**Available data**
^^^^^^^^^^^^^^^^

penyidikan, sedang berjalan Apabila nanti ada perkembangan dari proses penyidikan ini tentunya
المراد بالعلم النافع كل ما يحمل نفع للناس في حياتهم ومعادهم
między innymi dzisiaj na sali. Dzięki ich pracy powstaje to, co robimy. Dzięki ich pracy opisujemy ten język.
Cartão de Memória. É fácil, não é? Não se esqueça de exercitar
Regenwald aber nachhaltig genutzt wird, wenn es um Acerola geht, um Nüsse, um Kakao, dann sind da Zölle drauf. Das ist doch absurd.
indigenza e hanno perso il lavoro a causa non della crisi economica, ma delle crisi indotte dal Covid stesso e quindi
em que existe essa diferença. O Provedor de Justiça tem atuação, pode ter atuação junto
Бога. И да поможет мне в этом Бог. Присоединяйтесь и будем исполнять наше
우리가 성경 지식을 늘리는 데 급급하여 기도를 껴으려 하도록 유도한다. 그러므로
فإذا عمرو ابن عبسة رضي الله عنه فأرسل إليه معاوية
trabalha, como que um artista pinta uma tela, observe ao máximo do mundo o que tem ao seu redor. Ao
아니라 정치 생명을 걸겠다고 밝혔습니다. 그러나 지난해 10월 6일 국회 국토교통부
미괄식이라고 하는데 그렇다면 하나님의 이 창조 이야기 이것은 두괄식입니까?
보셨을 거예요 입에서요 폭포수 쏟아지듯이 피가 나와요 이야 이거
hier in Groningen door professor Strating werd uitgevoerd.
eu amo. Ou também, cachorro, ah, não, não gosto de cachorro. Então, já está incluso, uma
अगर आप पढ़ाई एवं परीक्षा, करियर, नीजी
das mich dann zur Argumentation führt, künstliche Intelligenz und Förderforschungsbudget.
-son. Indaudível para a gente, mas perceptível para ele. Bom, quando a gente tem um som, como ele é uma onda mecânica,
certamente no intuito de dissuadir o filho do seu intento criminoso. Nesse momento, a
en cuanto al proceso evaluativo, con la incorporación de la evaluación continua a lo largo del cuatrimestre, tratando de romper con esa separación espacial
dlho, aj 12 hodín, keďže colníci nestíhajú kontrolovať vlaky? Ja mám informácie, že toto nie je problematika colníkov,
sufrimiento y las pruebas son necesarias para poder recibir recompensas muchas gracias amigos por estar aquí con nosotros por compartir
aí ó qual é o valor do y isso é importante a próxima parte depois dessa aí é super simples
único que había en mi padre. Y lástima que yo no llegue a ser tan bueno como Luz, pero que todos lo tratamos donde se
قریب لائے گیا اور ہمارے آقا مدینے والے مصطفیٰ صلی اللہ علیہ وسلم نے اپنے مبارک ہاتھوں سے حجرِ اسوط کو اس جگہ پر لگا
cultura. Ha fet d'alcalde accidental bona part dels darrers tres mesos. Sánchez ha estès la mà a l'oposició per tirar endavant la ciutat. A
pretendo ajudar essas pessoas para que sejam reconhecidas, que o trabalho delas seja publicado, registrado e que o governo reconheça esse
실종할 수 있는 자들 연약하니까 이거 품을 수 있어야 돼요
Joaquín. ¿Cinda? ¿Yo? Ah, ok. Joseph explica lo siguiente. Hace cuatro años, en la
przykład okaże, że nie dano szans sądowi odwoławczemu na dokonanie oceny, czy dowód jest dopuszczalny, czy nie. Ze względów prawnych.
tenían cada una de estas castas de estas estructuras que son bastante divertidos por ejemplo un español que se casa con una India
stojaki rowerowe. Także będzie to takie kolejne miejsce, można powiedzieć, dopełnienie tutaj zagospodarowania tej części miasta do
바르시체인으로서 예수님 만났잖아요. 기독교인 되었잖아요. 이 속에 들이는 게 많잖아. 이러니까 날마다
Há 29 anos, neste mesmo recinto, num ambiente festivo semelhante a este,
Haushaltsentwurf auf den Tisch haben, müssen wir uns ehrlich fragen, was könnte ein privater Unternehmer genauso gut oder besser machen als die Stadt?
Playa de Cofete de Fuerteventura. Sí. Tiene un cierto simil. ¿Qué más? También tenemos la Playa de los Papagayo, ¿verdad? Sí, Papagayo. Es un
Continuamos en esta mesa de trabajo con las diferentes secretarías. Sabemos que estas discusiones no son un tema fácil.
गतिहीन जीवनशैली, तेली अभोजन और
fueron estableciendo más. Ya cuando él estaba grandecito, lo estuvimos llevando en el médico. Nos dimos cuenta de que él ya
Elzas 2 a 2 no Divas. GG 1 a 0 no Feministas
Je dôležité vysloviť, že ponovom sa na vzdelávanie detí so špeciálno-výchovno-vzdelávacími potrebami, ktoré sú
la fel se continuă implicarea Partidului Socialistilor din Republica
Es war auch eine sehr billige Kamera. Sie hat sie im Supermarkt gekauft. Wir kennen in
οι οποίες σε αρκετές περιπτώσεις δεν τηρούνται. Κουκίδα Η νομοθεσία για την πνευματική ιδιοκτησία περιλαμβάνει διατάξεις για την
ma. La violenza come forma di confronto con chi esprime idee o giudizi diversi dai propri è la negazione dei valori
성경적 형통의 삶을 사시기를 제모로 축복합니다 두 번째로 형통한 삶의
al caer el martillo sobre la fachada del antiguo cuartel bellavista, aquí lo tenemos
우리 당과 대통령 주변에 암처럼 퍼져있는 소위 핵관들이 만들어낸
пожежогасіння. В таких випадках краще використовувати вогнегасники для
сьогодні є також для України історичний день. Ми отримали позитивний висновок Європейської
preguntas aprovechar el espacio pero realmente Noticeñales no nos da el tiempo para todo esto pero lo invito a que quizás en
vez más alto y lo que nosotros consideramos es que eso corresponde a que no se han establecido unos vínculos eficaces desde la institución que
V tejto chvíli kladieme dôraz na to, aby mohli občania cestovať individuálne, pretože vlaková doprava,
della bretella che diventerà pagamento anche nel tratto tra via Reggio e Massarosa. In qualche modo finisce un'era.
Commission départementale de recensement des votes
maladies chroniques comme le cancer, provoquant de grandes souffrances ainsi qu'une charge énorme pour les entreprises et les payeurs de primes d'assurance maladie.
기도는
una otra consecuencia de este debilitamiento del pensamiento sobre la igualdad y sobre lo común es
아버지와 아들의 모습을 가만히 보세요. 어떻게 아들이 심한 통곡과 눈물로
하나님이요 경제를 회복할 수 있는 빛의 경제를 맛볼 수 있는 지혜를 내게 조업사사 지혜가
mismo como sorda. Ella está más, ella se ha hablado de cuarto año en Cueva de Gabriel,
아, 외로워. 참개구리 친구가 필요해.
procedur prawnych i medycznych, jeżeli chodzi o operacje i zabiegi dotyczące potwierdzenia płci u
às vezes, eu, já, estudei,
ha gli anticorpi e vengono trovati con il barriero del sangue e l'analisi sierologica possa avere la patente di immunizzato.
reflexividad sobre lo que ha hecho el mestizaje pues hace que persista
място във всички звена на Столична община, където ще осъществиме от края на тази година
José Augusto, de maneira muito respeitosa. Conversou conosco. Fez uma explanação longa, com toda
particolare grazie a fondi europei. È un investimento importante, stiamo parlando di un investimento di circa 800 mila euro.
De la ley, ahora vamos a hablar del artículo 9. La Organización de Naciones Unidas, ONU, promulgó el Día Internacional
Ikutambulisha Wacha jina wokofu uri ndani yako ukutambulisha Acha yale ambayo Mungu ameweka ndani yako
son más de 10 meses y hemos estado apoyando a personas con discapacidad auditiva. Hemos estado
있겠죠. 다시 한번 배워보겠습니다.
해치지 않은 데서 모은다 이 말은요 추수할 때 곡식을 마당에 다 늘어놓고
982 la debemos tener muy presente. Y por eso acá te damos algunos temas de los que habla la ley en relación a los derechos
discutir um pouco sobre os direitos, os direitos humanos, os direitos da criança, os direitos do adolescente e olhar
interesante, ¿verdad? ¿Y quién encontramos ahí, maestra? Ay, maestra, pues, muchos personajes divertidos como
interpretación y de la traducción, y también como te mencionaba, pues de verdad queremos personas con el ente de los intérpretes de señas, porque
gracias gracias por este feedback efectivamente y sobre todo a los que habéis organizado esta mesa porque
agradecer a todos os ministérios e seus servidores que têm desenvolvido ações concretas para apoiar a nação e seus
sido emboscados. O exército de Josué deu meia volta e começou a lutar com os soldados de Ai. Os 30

^^^^^^^^^^^^^^^^

**Task**
I'd like the lines above from the one with "cultura. Ha fet" up to and including the one with "Playa de Cofete" copied exactly, with no other lines.

**Solution to this exercise**
cultura. Ha fet d'alcalde accidental bona part dels darrers tres mesos. Sánchez ha estès la mà a l'oposició per tirar endavant la ciutat. A
pretendo ajudar essas pessoas para que sejam reconhecidas, que o trabalho delas seja publicado, registrado e que o governo reconheça esse
실종할 수 있는 자들 연약하니까 이거 품을 수 있어야 돼요
Joaquín. ¿Cinda? ¿Yo? Ah, ok. Joseph explica lo siguiente. Hace cuatro años, en la
przykład okaże, że nie dano szans sądowi odwoławczemu na dokonanie oceny, czy dowód jest dopuszczalny, czy nie. Ze względów prawnych.
tenían cada una de estas castas de estas estructuras que son bastante divertidos por ejemplo un español que se casa con una India
stojaki rowerowe. Także będzie to takie kolejne miejsce, można powiedzieć, dopełnienie tutaj zagospodarowania tej części miasta do
바르시체인으로서 예수님 만났잖아요. 기독교인 되었잖아요. 이 속에 들이는 게 많잖아. 이러니까 날마다
Há 29 anos, neste mesmo recinto, num ambiente festivo semelhante a este,
Haushaltsentwurf auf den Tisch haben, müssen wir uns ehrlich fragen, was könnte ein privater Unternehmer genauso gut oder besser machen als die Stadt?
Playa de Cofete de Fuerteventura. Sí. Tiene un cierto simil. ¿Qué más? También tenemos la Playa de los Papagayo, ¿verdad? Sí, Papagayo. Es un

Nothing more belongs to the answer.